▶ WORK REQUIRED: Before printing, remove every picture; then print the lines below exactly, from the first line through the line containing "sten Schränke, sondern".

▶ RECORDS SUPPLIED:
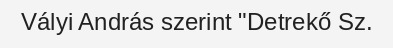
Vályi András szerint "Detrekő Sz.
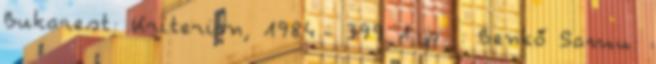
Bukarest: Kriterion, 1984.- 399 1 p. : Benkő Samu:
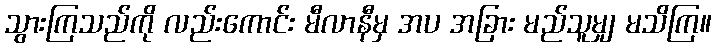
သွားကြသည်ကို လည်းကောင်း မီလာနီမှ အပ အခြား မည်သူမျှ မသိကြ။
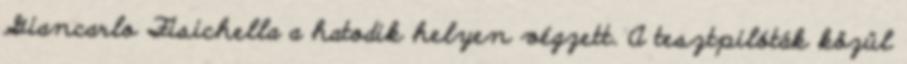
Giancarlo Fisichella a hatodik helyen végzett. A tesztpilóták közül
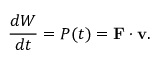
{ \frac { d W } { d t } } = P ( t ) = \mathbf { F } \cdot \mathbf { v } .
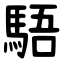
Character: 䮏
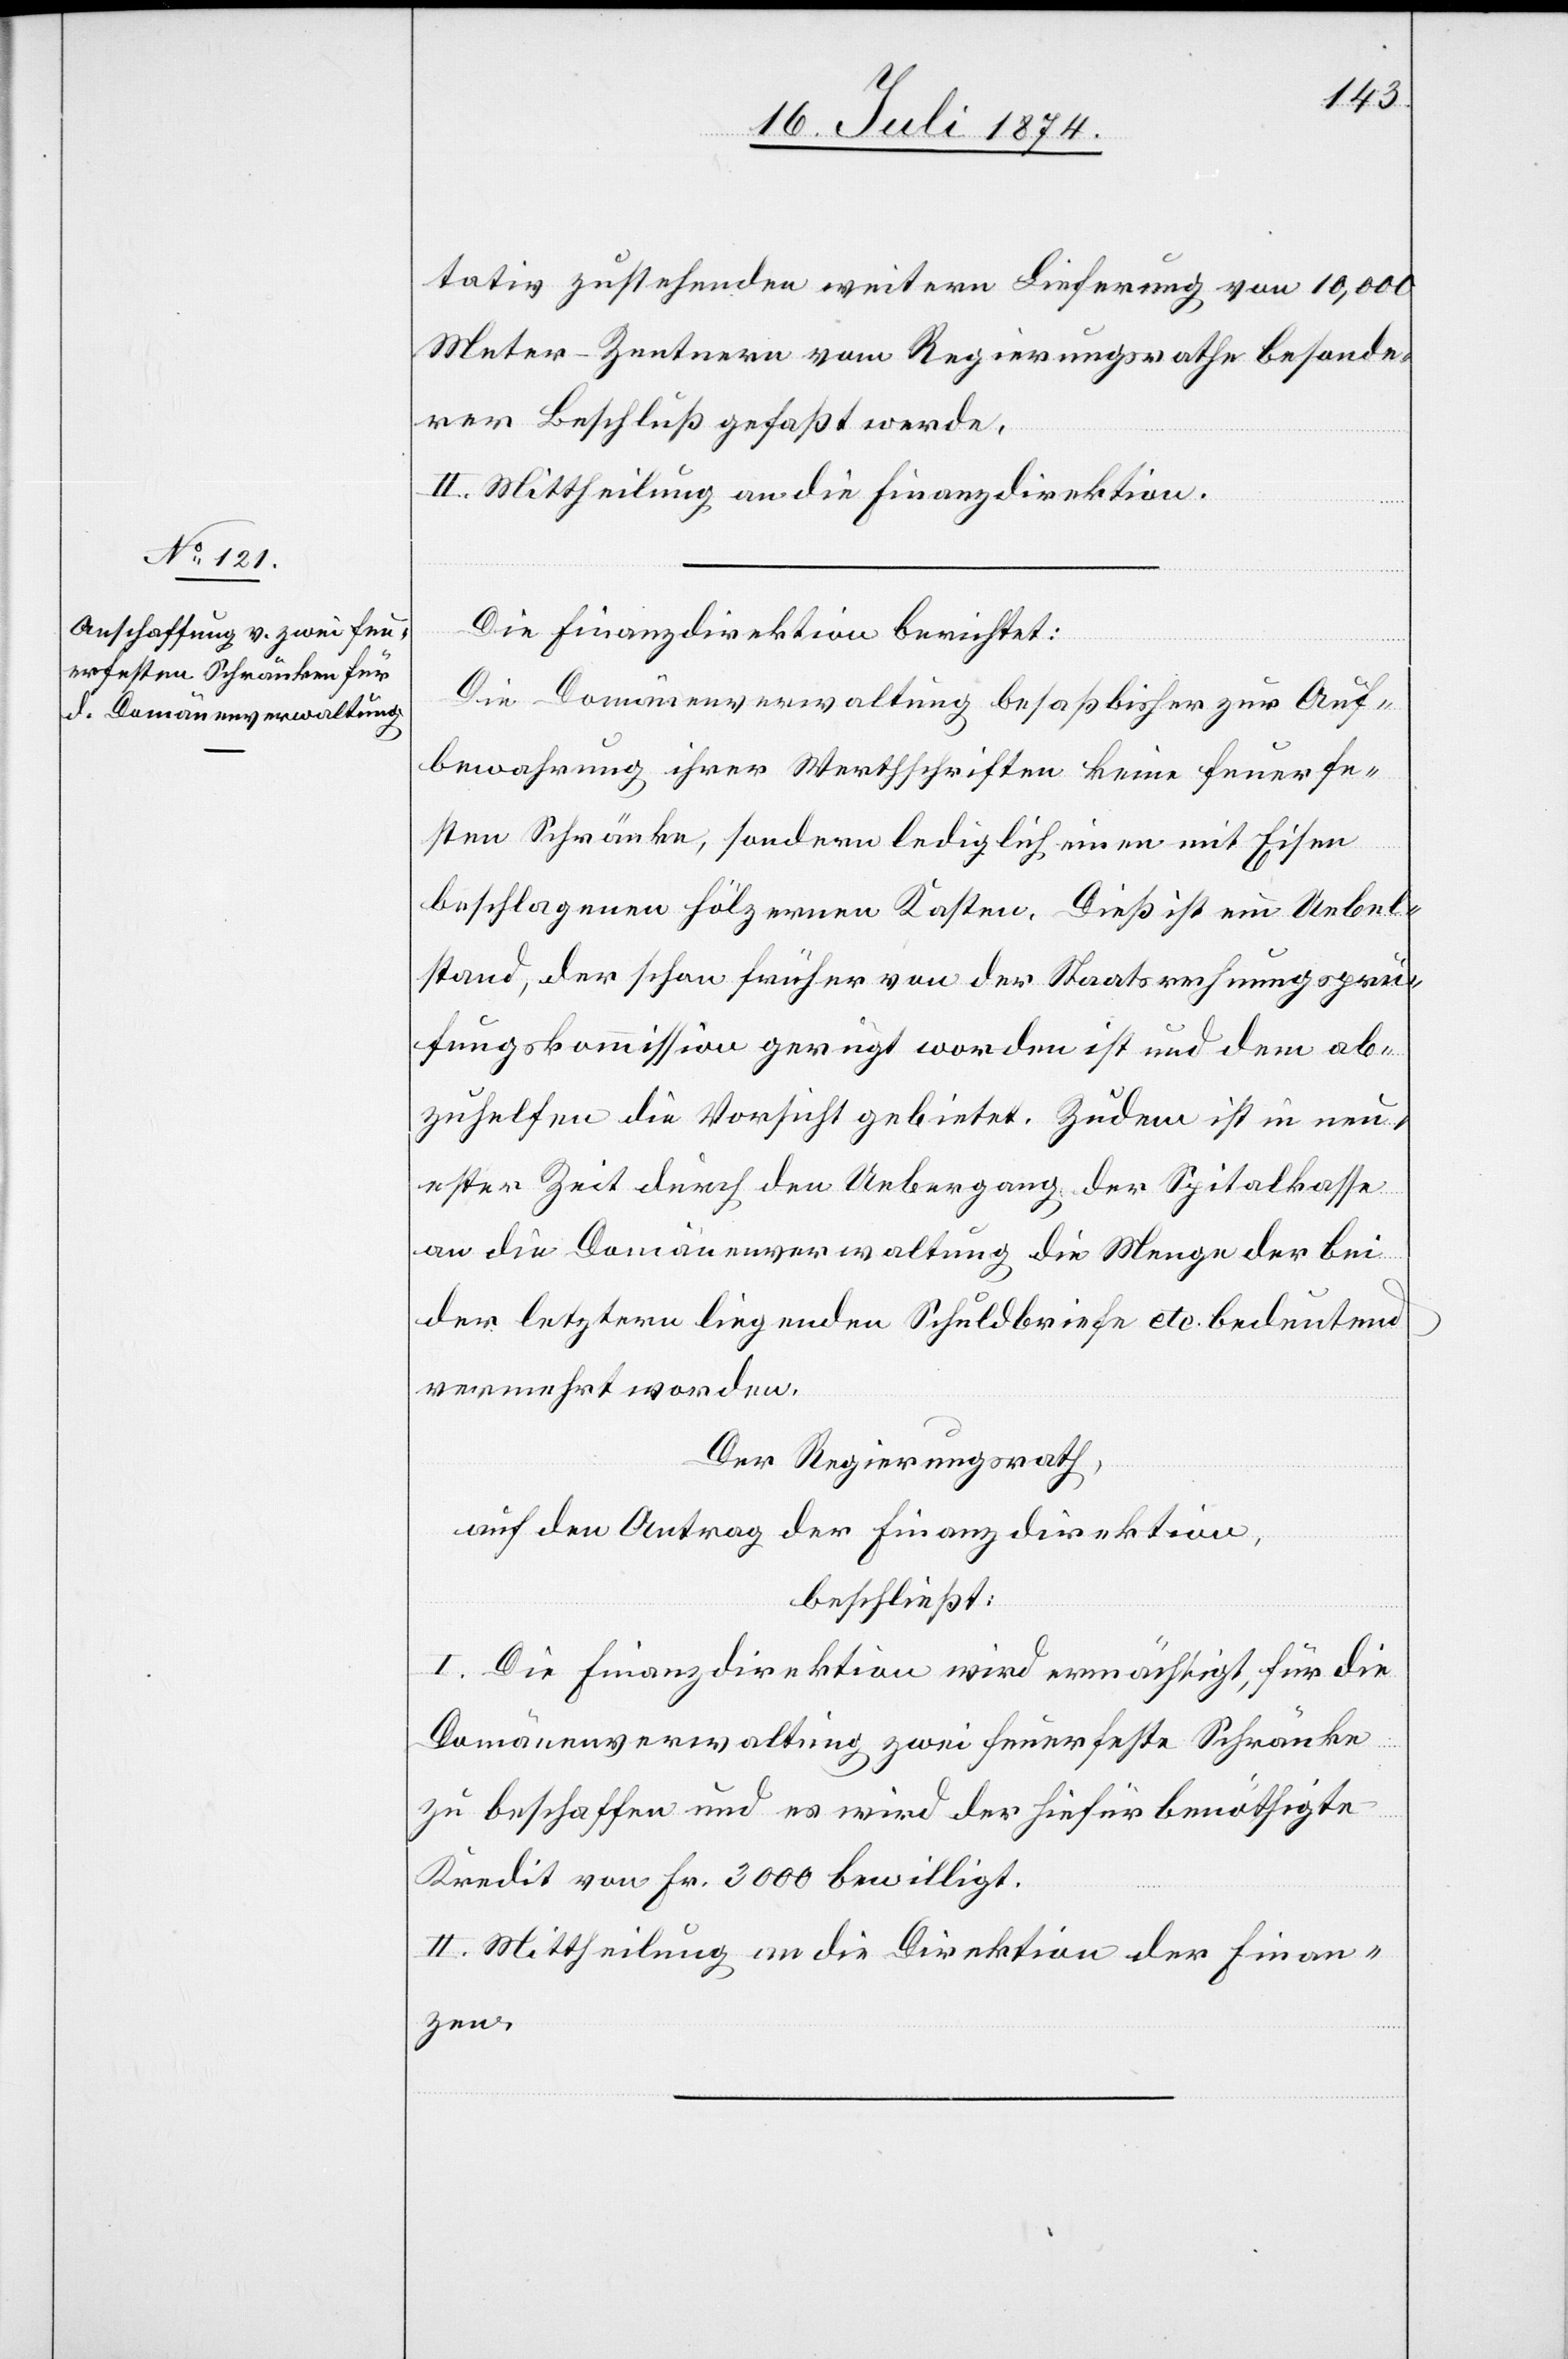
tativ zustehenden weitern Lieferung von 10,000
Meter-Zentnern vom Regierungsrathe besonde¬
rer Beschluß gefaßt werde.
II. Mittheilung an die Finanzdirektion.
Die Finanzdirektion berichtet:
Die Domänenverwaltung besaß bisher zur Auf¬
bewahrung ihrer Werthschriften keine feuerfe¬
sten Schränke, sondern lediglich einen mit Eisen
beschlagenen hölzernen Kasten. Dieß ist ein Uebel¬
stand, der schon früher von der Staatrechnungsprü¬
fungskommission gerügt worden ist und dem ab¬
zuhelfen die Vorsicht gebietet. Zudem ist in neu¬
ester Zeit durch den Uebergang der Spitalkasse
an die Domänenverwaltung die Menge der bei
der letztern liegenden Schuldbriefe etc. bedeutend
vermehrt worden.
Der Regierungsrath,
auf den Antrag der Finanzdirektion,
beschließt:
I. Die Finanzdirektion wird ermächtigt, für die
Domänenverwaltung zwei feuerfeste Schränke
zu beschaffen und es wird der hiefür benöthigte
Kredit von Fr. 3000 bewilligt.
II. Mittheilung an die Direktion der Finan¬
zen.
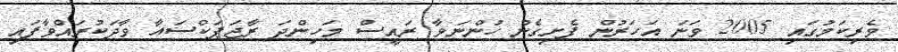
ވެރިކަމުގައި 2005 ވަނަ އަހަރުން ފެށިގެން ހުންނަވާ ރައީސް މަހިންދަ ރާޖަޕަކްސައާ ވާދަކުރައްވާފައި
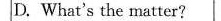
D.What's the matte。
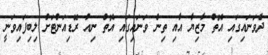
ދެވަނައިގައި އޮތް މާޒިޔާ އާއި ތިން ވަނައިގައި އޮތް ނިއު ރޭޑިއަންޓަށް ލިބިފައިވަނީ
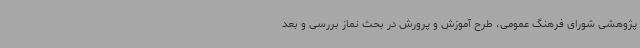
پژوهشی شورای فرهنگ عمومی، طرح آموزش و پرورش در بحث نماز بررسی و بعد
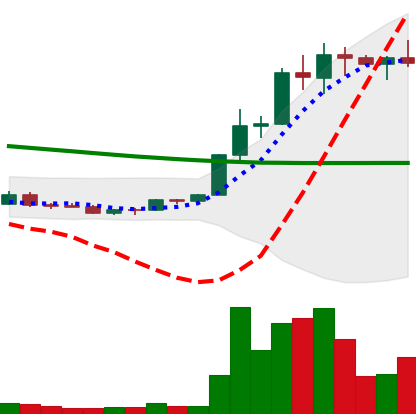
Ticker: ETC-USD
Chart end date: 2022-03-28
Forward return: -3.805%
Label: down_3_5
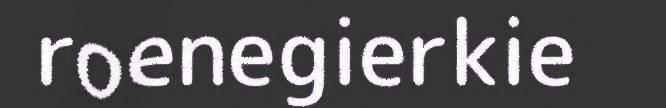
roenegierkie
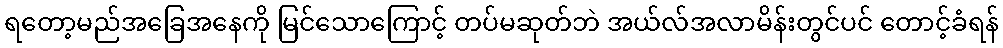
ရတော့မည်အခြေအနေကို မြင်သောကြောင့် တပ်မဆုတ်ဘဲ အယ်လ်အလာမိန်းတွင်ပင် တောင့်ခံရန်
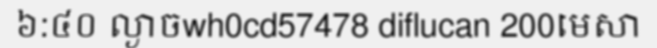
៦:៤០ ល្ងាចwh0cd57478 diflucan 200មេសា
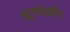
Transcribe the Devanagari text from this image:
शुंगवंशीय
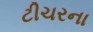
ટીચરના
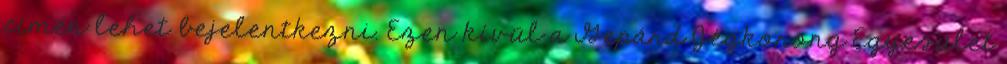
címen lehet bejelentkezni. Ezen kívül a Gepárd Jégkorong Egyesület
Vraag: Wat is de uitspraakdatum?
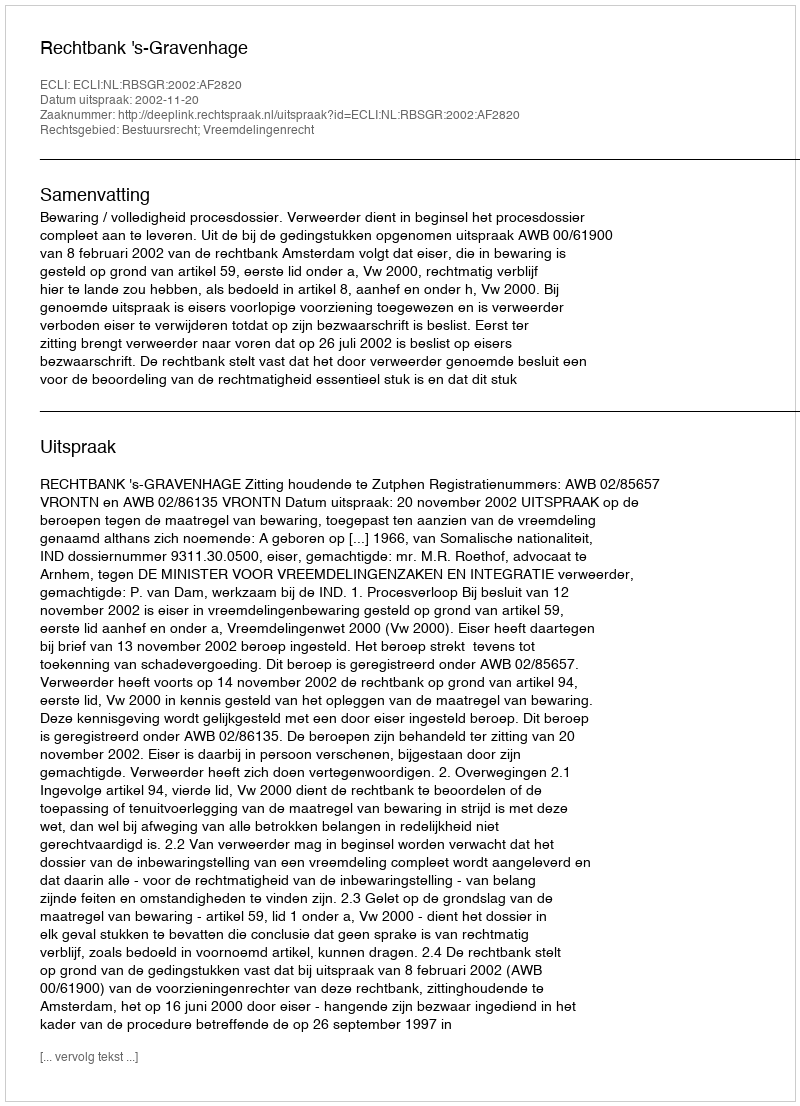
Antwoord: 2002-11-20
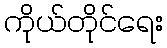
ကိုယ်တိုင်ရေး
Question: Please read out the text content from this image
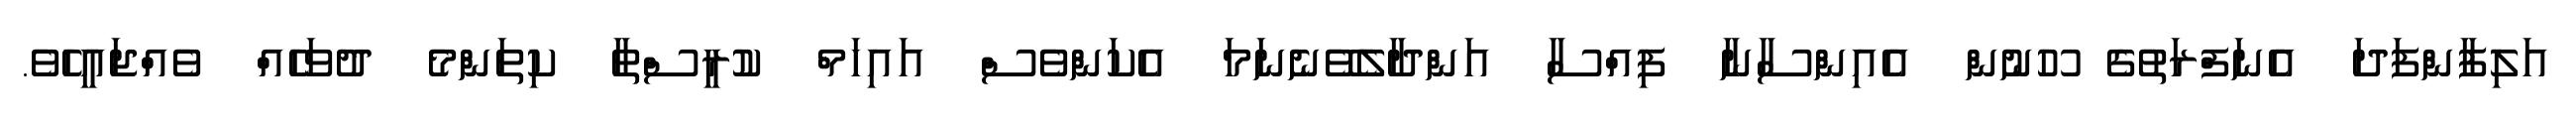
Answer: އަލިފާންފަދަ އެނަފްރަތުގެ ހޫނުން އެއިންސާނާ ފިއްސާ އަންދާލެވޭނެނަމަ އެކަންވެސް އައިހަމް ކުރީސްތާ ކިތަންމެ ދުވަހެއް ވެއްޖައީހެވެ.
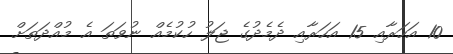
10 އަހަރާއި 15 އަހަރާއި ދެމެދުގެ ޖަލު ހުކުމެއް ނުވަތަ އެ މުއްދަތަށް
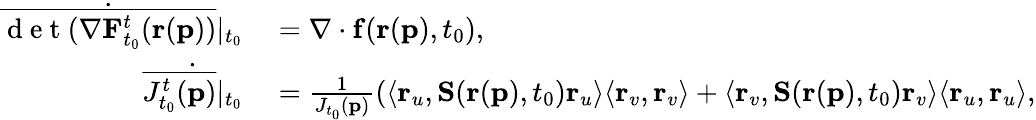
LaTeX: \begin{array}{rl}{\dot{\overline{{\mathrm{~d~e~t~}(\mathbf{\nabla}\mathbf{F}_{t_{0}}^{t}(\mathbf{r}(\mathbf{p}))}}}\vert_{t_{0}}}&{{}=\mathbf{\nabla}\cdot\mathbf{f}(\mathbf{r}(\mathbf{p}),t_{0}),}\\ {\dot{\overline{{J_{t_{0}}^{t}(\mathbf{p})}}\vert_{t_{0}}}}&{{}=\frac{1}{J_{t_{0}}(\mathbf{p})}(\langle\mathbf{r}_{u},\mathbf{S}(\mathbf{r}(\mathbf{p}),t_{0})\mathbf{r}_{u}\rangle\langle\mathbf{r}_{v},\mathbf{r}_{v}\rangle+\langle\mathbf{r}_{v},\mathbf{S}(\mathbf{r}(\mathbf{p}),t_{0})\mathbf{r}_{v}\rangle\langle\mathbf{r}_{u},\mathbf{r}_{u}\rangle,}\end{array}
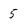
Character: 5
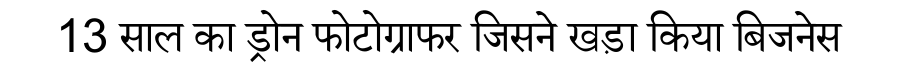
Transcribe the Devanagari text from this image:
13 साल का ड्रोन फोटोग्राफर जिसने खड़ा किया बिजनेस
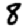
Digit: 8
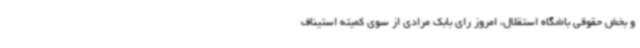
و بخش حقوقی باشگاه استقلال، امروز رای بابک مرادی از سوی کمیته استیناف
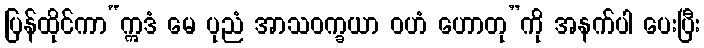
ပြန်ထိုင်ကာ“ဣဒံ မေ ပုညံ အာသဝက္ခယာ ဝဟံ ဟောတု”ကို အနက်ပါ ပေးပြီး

▶ THE COMPLETED TASK:
Vályi András szerint "Detrekő Sz.
Bukarest: Kriterion, 1984.- 399 1 p. : Benkő Samu:
သွားကြသည်ကို လည်းကောင်း မီလာနီမှ အပ အခြား မည်သူမျှ မသိကြ။
Giancarlo Fisichella a hatodik helyen végzett. A tesztpilóták közül
{ \frac { d W } { d t } } = P ( t ) = \mathbf { F } \cdot \mathbf { v } .
Character: 䮏
tativ zustehenden weitern Lieferung von 10,000
Meter-Zentnern vom Regierungsrathe besonde¬
rer Beschluß gefaßt werde.
II. Mittheilung an die Finanzdirektion.
Die Finanzdirektion berichtet:
Die Domänenverwaltung besaß bisher zur Auf¬
bewahrung ihrer Werthschriften keine feuerfe¬
sten Schränke, sondern lediglich einen mit Eisen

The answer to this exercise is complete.